FIG. 9 shows a first method with which a curved extension line can be determined. In doing so, first a coordinate system is loaded in step 91. Methods for producing it are shown, for example, in FIGS. 2 and 12. In the following step 92, an extension projection plane is produced that is spanned between the x- and y-axis of the coordinate system. Optionally, in step 93, an extension projection region can now be defined. The simplest option here is just to project the complete model. In this case, the entire model is determined as a projection region. A second option is to project only half of the model, preferably that half in which the crowns of the teeth are located. The advantage here is that the shape of the mandibular arch emerges more distinctly in this way. In this case, for example, the half above or underneath the extension projection plane can be defined as a projection region. Another option is a slice shaped projection region, the boundaries of the slice being planes that are parallel to the extension projection plane and preferably having only a short distance to one another. Here, too, the advantage is that the shape of the dental arch can be especially easily recognized.

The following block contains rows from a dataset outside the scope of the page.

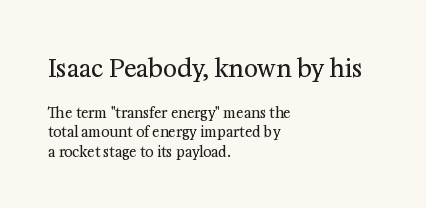
Q: Is the text bold? A: No.
Q: Is the text italic (slanted)? A: No, it is upright.
Q: Is the text underlined? A: No.
Q: How is the paragraph aligned? A: Left-aligned.
Q: Is the spacing between letters normal or unusually wide? A: Normal.
Q: Is the spacing between lines tight, normal or loose? A: Normal.
Q: Which block of text is set in a larger size, the first (top) or the second (bottom)? A: The first (top) one.
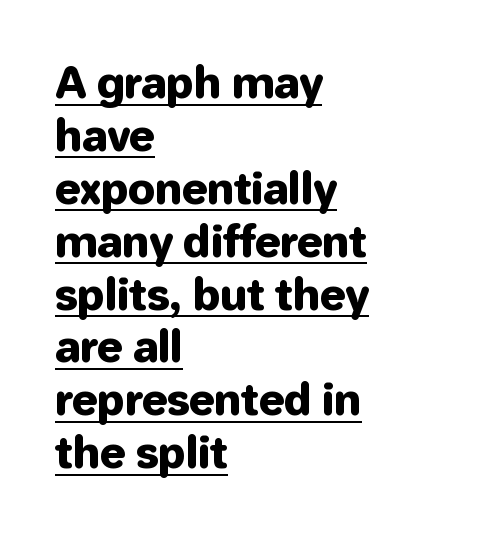
Q: Is the text italic (slanted)? A: No, it is upright.
Q: Is the typeface a serif or a sans-serif typeface? A: Sans-serif.
Q: Is the text underlined? A: Yes.
Q: How is the paragraph aligned? A: Left-aligned.
Q: Is the spacing between letters normal or unusually wide? A: Normal.
Q: Width (condensed, normal, or wide)? A: Normal.
Q: Stroke contrast? A: Low.
Q: x-height? A: Medium.
Q: Monospaced? A: No.
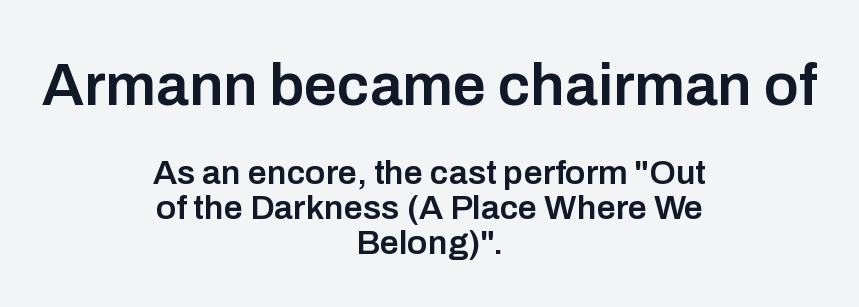
Q: Is the text bold? A: Semi-bold.
Q: Is the text italic (slanted)? A: No, it is upright.
Q: Is the typeface a serif or a sans-serif typeface? A: Sans-serif.
Q: Is the text underlined? A: No.
Q: How is the paragraph aligned? A: Centered.
Q: Is the spacing between letters normal or unusually wide? A: Normal.
Q: Is the spacing between lines tight, normal or loose? A: Tight.
Q: Which block of text is set in a larger size, the first (top) or the second (bottom)? A: The first (top) one.
Q: Width (condensed, normal, or wide)? A: Normal.
Q: Stroke contrast? A: Low.
Q: x-height? A: Medium.
Q: Monospaced? A: No.
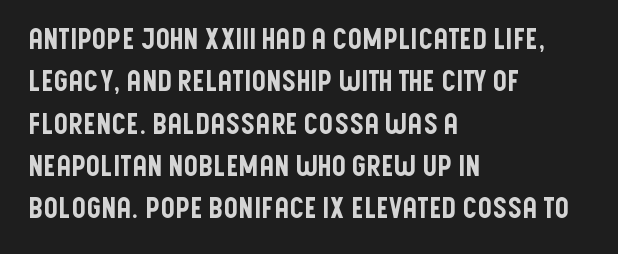
The image shows 28 px condensed sans-serif type, upright; set left-aligned, normal line spacing (1.51x), normal letter spacing, not underlined; low stroke contrast and a large x-height.
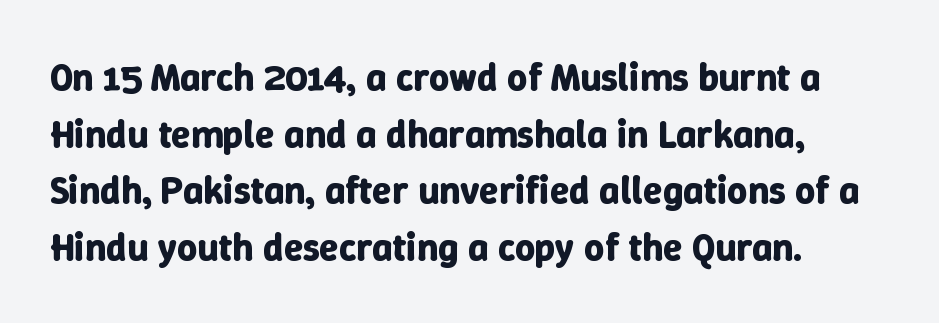
The image shows 39 px bold type, upright; set left-aligned, normal line spacing (1.45x), normal letter spacing, not underlined; low stroke contrast and a medium x-height.
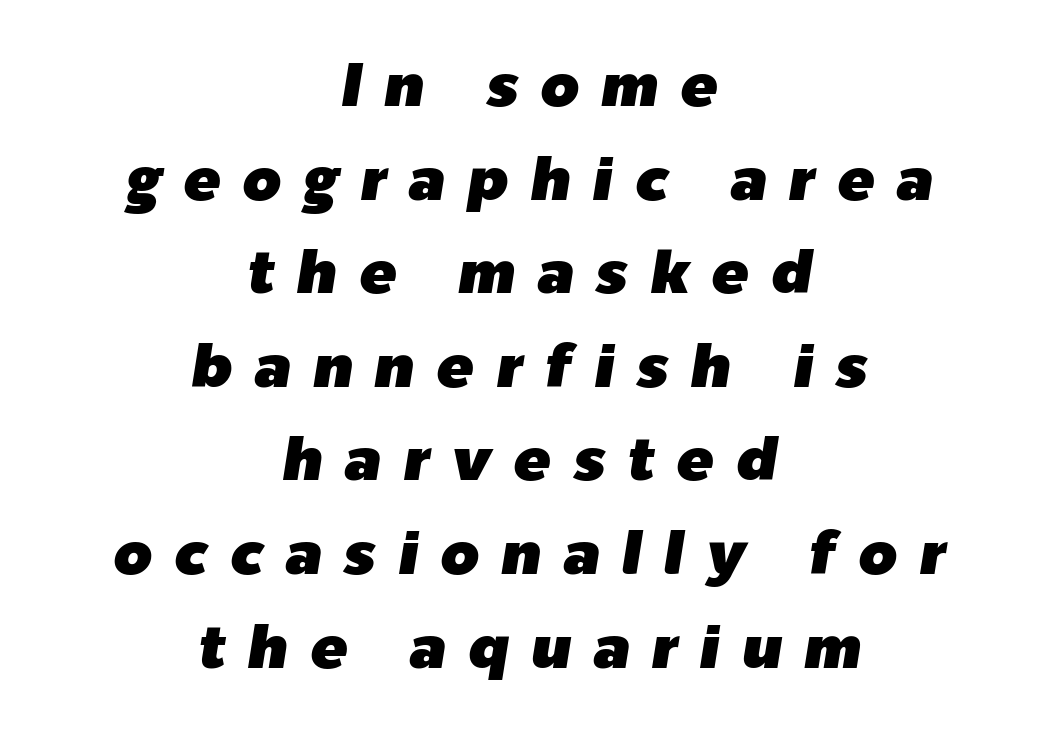
The image shows 62 px text type, italic (leaning right); set centered, normal line spacing (1.51x), unusually wide letter spacing (+0.35 em), not underlined; low stroke contrast and a medium x-height.
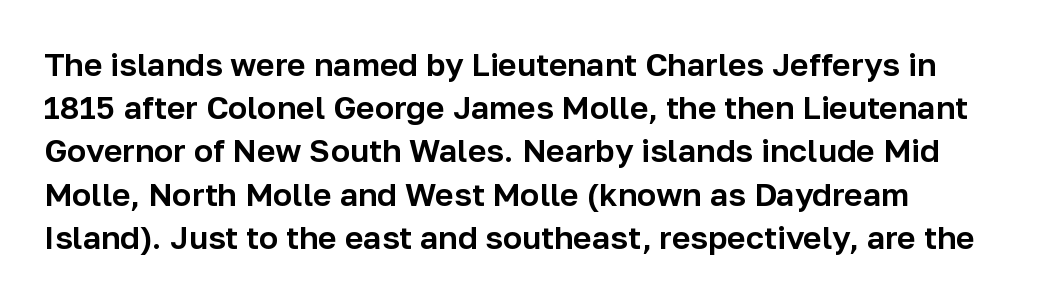
{"serif": "no", "italic": "no", "width": "normal", "stroke_contrast": "low", "x_height": "medium", "monospaced": "no", "underline": "no", "align": "left", "line_spacing": "normal", "line_spacing_ratio": 1.35, "letter_spacing": "normal", "letter_spacing_em": 0.0, "glyph_px": 32}
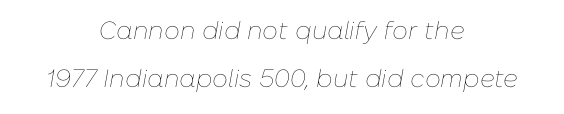
The image shows 25 px text type, italic (leaning right); set centered, loose line spacing (1.93x), normal letter spacing, not underlined.

After the projection region has been defined, in step 94, all points of the projection region are projected vertically (therefore following the z-axis of the coordinate system) onto the extension projection plane. This yields a 2D point cloud, which is shown symbolically and highly schematically in FIG. 12. In step 95, this point cloud is then subdivided into equally large strips that each run parallel to the x-axis (FIG. 13).

Within each strip, in step 96, the largest and the smallest x-values are then determined, and in step 97, the arithmetic mean is formed. From the arithmetic mean from step 97 and the center of the strip on the y-axis, in step 98, a point that is assigned to one strip at a time and that is shown black in FIG. 14 is then determined for each strip.

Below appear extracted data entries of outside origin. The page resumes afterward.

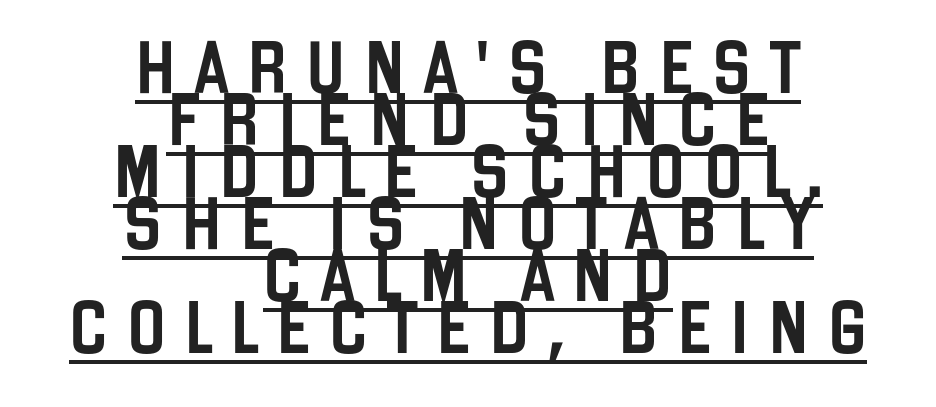
When letters stand straight like this, we call the style roman or upright. This sample has the flowing, uneven cadence of proportional lettering. What's the leading like? Squeezed, with rows nearly overlapping. Each word looks stretched out because of the extra space between its letters.
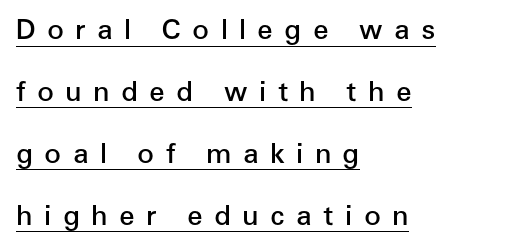
Q: Is the text bold? A: Semi-bold.
Q: Is the text italic (slanted)? A: No, it is upright.
Q: Is the typeface a serif or a sans-serif typeface? A: Sans-serif.
Q: Is the text underlined? A: Yes.
Q: How is the paragraph aligned? A: Left-aligned.
Q: Is the spacing between letters normal or unusually wide? A: Unusually wide.
Q: Is the spacing between lines tight, normal or loose? A: Loose.
Q: Width (condensed, normal, or wide)? A: Normal.
Q: Stroke contrast? A: Low.
Q: x-height? A: Medium.
Q: Monospaced? A: No.
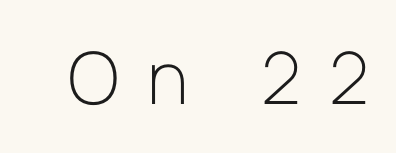
Quick note: not italic, upright. No chunkiness to these letters — they're not bold. The letters advance in unequal steps, a hallmark of proportional type. The glyphs are unaccompanied by any horizontal stroke below them. This is sans-serif lettering, the kind often seen on screens and signage.

If, for example, as a result of gaps in the measurement and/or the projection, a strip does not contain any points, this strip is ignored in the following steps.

Then, in step 99, a curve can be determined from the points from step 98. One especially suitable and preferred method for this purpose is the method of least squares. Other approximation methods can also be used, however. One possible approximated curve 152 that originated according to the method shown in FIG. 9 is shown by FIG. 15.

Furthermore, FIG. 15 illustrates an optional amelioration of the method from FIG. 9.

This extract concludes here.